Chemicals and water pollution. The process of paper making, whether using virgin fibre or recycled fibre uses chemical and other materials. Transforming the wood to pulp usually involves cooking the wood chips in a chemical solution. Chemicals used, from what I read are often sodium hydroxide and sodium sulfide. After that, fillers are added such as chalk, clay, starch or titanium oxide. The materials vary based on the type of product produced and the company’s methods. Even with recycling paper, you have to remove the ink which involves bleaches or dyes then convert them back into pulps that can be rolled to papers or other products. This will lead to water pollution, no doubt. It is not easy to separate chemical solutions from the water again and it’ll eventually flow into the ocean, disrupting the aquatic ecosystem and also affecting the soil. In fact, based on research done, pulp and paper industry is one of the largest consumer of water used in industrial activities. There was an article by WWF about this industry and how it’s affecting the environment in more than just one way. It also said that paper mills discharge pollutants and this will lead to aquatic problems as well as health issues. Let’s not forget that we humans consume water too on daily basis and with all the pollution, the water needs to be treated first before it’s safe for us to consume. This adds to the social cost and consumer will have to bear the additional costs.

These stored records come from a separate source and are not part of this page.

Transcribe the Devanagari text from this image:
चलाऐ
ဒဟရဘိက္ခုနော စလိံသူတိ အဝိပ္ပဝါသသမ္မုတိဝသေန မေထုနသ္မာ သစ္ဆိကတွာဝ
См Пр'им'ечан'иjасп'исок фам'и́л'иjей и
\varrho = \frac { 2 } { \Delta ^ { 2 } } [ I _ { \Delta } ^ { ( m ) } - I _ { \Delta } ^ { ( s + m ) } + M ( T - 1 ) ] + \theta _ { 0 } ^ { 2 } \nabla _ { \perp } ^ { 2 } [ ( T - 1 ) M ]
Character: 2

Apart from the obvious environmental issues I stated above, there are other concerns too such as illegal harvesting, regulations, irresponsible practices in the industry etc etc. There have also been development on producing paper using other resources as many people are becoming more aware of the issues in this industry. I found this while doing my research and it’s a really good website, do check it out !

zero-waste-cycle the poo project

http://thepooproject.ourproject.org/index.php?slab=about

The development of creating a sustainable environment is a continuous effort and requires lots of researches. But even the little things, if we are able to do it we should. Here are some suggestions on how to help:

  • Shred them papers ! If you don’t own a shredder, recycle them at the recycling centre. You can google the nearest recycling centre, I’m sure there’s one in each area. Don’t forget to remove paper clips or other non-paper materials before you recycle.
  • If you can avoid using paper, why not? Save you some pocket money too!
  • Responsible sourcing and trade of paper products. Know the brands you choose and choose a responsible one.
  • Ask for transparency in the sector, exercise your rights as a consumer! If you have questions about the brands you use, why not drop them an email for clarification?

Let’s not forget that wood is used for more than just paper. It’s also used to create furniture, construction of buildings and many other products. If we cannot avoid using those products, the least we could do is use it wisely and not practice irresponsible consumption. Remember, when you buy something, the company will have to produce more to replenish their stock. This means higher demand for wood and therefore, more trees being cut down. Not all products from wood can be recycled and reused as raw ingredient. If you buy just to realize later on that you have no use for it and end up throwing it away, that too can contribute to various environmental problems. Let’s together be a responsible consumer 🙂

It’s the little things that matters, the little effort that will bring changes to the world.